Korkmam gerekli miydi bilmiyorum, korkmadım hiç.
Peri keşfetmeye devam ederken gögsüme basarak uyuduğum defterimi buldu.
Bu hiç hoş olmadı.
Almasını istemediğim için uyanmış gibi yapıp yastığımdan başımı yavaşca kaldırdım.
Görüş alanımdan bir anda kayboldu, ama hala soğukluğunu ensemde hissediyordum.
Gitmiş gibi yaptı, rol sırası perideydi.
Tutamadım gözyaşlarımı yeniden cenin pozisyonu alıp dua etmeye başladım,
iki dua bir isyan..
Dayanamadı kulağıma yaklaştı ve üç dilek hakkımı sordu.

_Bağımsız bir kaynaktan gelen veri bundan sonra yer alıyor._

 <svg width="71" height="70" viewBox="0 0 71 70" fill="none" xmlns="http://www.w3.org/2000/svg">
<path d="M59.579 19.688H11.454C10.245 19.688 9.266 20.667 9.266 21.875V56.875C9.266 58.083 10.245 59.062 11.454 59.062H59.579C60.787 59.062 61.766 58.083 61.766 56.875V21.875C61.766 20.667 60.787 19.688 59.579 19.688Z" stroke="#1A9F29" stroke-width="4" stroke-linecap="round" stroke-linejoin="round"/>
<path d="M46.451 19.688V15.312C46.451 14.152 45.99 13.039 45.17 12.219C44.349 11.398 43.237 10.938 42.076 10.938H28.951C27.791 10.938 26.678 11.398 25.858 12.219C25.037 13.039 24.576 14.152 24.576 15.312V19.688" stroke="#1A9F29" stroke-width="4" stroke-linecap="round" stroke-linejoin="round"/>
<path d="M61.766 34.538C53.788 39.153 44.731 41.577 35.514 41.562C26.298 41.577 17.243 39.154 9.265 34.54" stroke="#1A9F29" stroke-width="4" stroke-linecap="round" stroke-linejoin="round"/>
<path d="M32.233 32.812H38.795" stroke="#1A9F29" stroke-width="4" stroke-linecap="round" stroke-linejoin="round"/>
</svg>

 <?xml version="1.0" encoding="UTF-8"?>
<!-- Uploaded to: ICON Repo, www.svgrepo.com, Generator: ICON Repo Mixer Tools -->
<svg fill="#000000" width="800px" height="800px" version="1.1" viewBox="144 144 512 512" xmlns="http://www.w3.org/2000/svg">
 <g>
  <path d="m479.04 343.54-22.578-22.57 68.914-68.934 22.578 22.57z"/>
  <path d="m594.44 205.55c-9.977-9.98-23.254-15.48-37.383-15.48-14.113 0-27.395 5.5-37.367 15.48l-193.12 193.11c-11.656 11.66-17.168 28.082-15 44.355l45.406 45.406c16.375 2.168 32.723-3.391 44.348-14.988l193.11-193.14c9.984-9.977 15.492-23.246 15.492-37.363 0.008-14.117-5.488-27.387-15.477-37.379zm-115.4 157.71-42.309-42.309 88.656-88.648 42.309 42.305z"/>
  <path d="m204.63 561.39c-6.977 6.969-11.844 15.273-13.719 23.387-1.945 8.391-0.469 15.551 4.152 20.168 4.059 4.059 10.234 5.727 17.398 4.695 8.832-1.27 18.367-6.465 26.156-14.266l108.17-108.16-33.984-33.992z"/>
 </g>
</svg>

Benim bir dileğim bile yok artık dedim.
Aldı beni karşı duvara doğru savurdu.
Defter elimden periye doğru uçtu.
Saatin tik-tak notası kadar kısa bir periyotta bütün defterinin sayfalarını okudu ve bitirdi..
Beyaz gölgesi yerini buz mavisi tenine bıraktı.
Dizimin eşiğine yanaştı.
Kafasını gögsüme yasladı.Botanik bir kokusu vardı.
Belki de cennetin kokusu meleklerden üzerine sinmişti.Bilmiyorum.
O kokuyu bir şişeye hapsetmek istedim ama dilek sayılır diye dillendirmedim.
Saçları dalgalı çıkmaz yolları vardı.
Güneşle ay arası umut kumbarası bir havası.
Gözyaşlarından minik renkli balıklar düşmeye başladı.
Tüy bulutları kanatlarına nakışlı.
Kendime sesli bir şekilde kızdım.
Periyi bile üzdüm diye nefretimi kustum.
Kustuğum yerde beyaz lavantalar açtı.
Defterin sayfaları birden binbir çeşit kelebek oldular.
Kızdım periye nasıl yaparsın dedim, ayağa kalktım.
Ayaklarım yerden kesildi.
Dilediğin gerçek oldu.Kelebekler dileğini sahibine ulaştıracak dedi.
İttirdim periyi, ömrü yetmez onların her bir kalemin izi benim emeğimdi dedim.
Peri az ötede duran kalemlerimin hepsi kuş tüyüne çevirdi.
Artık daha fazla yazmak yok, bu senin son çırpınışlarındı vazgeç dedi.
Çok dolaylı bir anlatım oldu.Ama doğrudan gidişatı kayda alamadım.
Peri lila dudakları ile alnıma bir öpücük kondurdu ve beni yatağıma yatırdı.
Üzerime kırık beyaz bir çiçekli duvak örttü.
Pencereden tam kaçarken "Bana ne olacak?" dedim.
Geri geldi ve kulağıma bir kaç satır masal okudu.
Bu ben miyim dedim!
Anlatılandan daha fazlasısın tekrar geleceğim ne zaman istersen hep gitmek istediğin yere git ben orda olacağım dedi
ve ipek kumaşına tutunup son dördüne geri döndü.
ve ipek kumaşına tutunup son dördüne geri döndü.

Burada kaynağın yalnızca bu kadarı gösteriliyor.